What spacing does this typically use? Are you effectively doubling the number of studs or is it less because they are spaced out farther?


----------



## splintergroup

The ones I've seen plans for have the usual spacing of 16", just that the exteriors are offset from the interiors by 8".

The 2×6 versions also share the standard 24" spacing with the 1/2 offset.


----------



## kelvancra

Just for reference, I did not go down the double wall road because the mere mention of 2×4 construction suggested we were not talking about a structure built with a mind to insulation, or power consumption keeping it cool and warm.

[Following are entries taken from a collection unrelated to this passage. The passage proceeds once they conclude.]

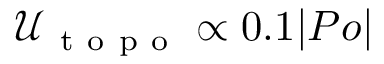
\mathcal { U } _ { \mathrm { ~ t ~ o ~ p ~ o ~ } } \propto 0 . 1 | P o |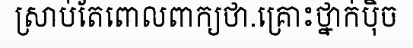
ស្រាប់តែពោលពាក្យថា.គ្រោះថ្នាក់ប៉ិច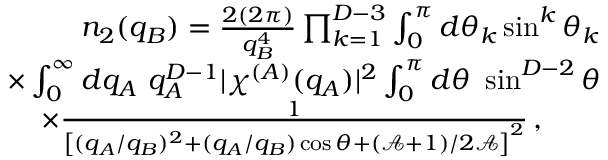
\begin{array} { r l r } & { } & { n _ { 2 } ( q _ { B } ) = \frac { 2 ( 2 \pi ) } { q _ { B } ^ { 4 } } \prod _ { k = 1 } ^ { D - 3 } \int _ { 0 } ^ { \pi } d \theta _ { k } \sin ^ { k } \theta _ { k } } \\ & { } & { \times \int _ { 0 } ^ { \infty } d q _ { A } \ q _ { A } ^ { D - 1 } | \chi ^ { ( A ) } ( q _ { A } ) | ^ { 2 } \int _ { 0 } ^ { \pi } d \theta \ \sin ^ { D - 2 } \theta } \\ & { } & { \times \frac { 1 } { \left[ ( q _ { A } / q _ { B } ) ^ { 2 } + ( q _ { A } / q _ { B } ) \cos \theta + ( \mathcal { A } + 1 ) / 2 \mathcal { A } \right] ^ { 2 } } \, , \ \ \ \ \ \ } \end{array}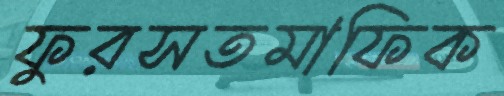
ফুরসতমাফিক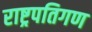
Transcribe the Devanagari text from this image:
राष्ट्रपतिगण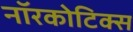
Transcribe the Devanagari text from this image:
नॉरकोटिक्स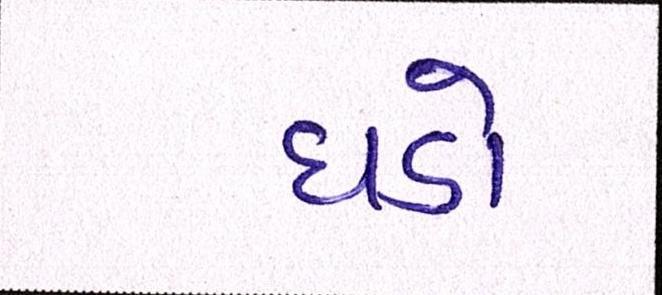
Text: ધડો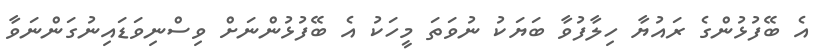
އެ ބޭފުޅުންގެ ރައުޔާ ހިލާފުވާ ބަޔަކު ނުވަތަ މީހަކު އެ ބޭފުޅުންނަށް ވިސްނިވަޑައިނުގަންނަވާ
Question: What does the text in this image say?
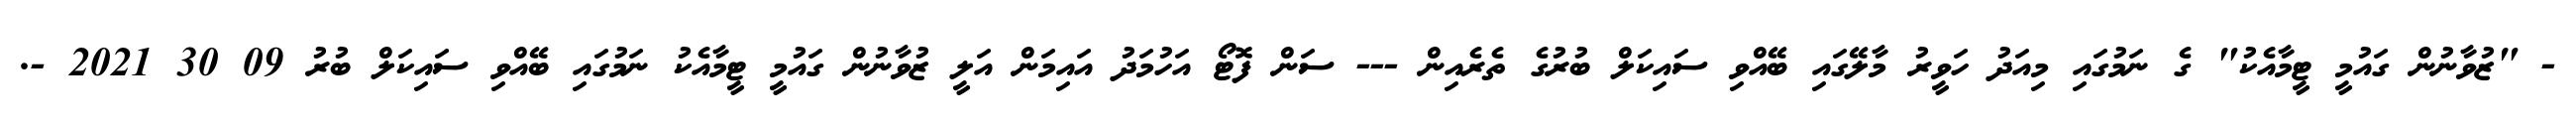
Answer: - "ޒުވާނުން ގައުމީ ޓީމާއެކު" ގެ ނަމުގައި މިއަދު ހަވީރު މާލޭގައި ބޭއްވި ސައިކަލް ބުރުގެ ތެރެއިން --- ސަން ފޮޓޯ އަހުމަދު އައިމަން އަލީ ޒުވާނުން ގައުމީ ޓީމާއެކު ނަމުގައި ބޭއްވި ސައިކަލް ބުރު 09 30 2021 -.

Going down that road, we should be including higher insulation values, such as comes with spray in, and which, ALSO, seals better, so stops more air transfer. . . .


----------



## Knockonit

Plates for this type of wall construction are usually next size up or sized to accommodate the size insulation, so say you wanted r19 , then plate size would be 2×6 with offset studs on each side, 
or go to 2×8 plates. one could just as well, do 2×6 frame wall and foam it, end result is almost identical and probably same value for install. once calculating labor, and material for wall build
i'd have to do the numbers due to the new values on lumber but it used to be at the old prices barely a 3% difference
rj in az


----------



## Tony1212

Been watching Matt Risinger on YouTube. He put his insulation on the OUTSIDE, between the sheathing and the exterior siding. He uses mineral wool which is hydrophobic so it doesn't hold water. At that point, the only penetrations are the windows and doors, so it minimizes air leaks.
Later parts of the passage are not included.